Required work
Output the whole listing below exactly, omitting the images.

Records shown
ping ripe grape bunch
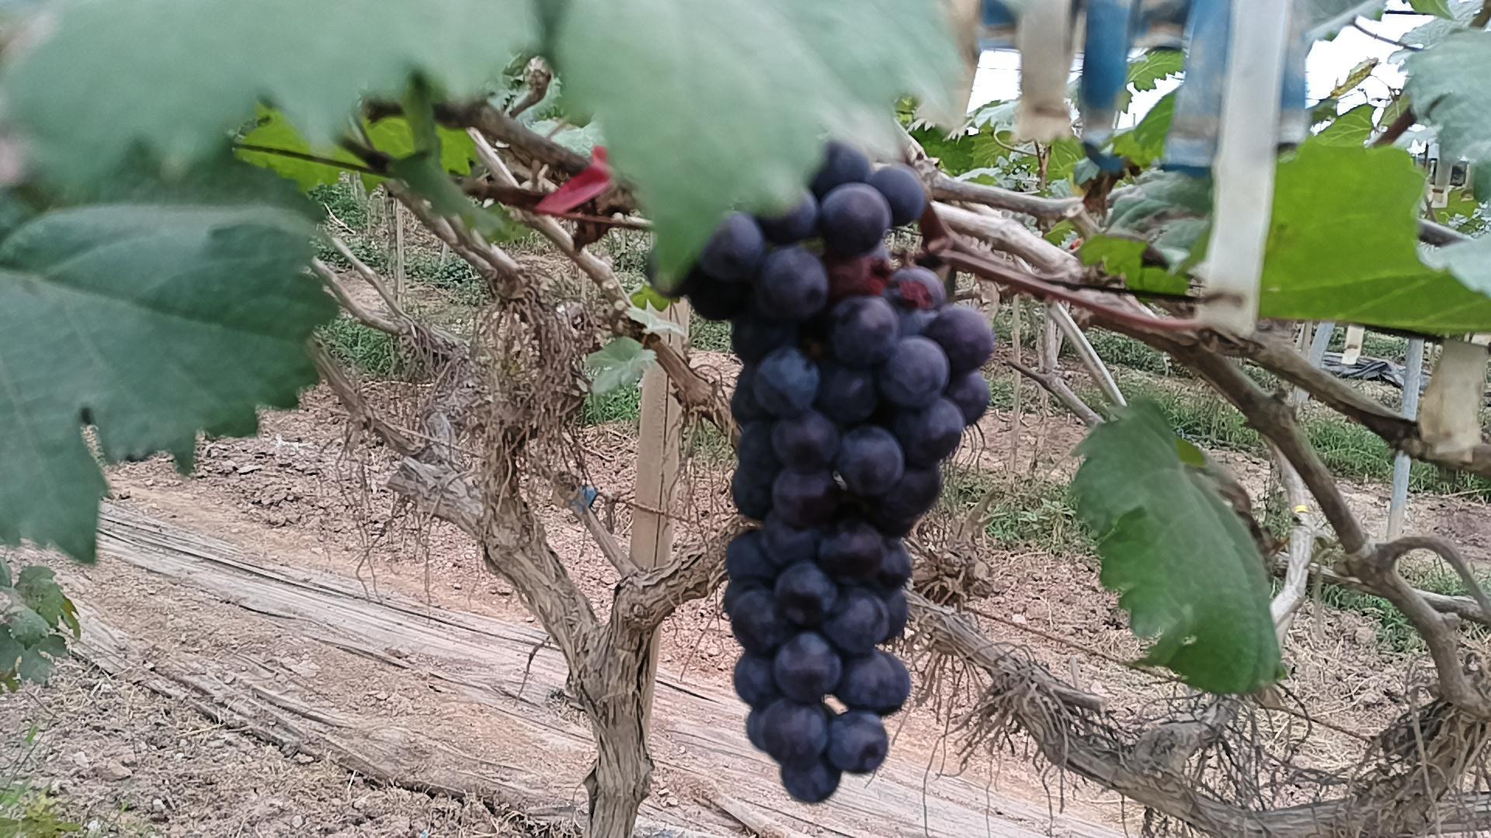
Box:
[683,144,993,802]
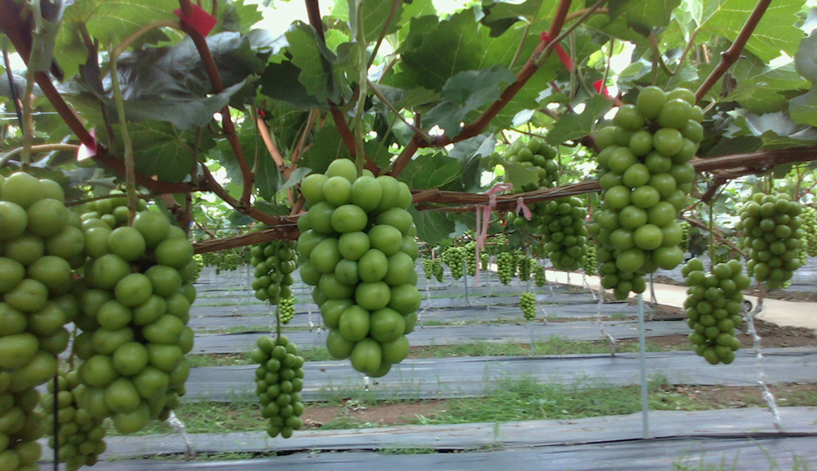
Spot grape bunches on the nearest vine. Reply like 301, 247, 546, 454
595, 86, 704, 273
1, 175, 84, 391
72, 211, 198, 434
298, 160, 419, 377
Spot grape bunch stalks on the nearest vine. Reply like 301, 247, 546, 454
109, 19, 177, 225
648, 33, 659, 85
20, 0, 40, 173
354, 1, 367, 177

Exercise answer
ping ripe grape bunch
Box:
[683,144,993,802]
Spot grape bunches on the nearest vine. Reply like 301, 247, 546, 454
595, 86, 704, 273
1, 175, 84, 391
72, 211, 198, 434
298, 160, 419, 377
Spot grape bunch stalks on the nearest vine. Reply like 301, 247, 546, 454
109, 19, 177, 225
648, 33, 659, 85
20, 0, 40, 173
354, 1, 367, 177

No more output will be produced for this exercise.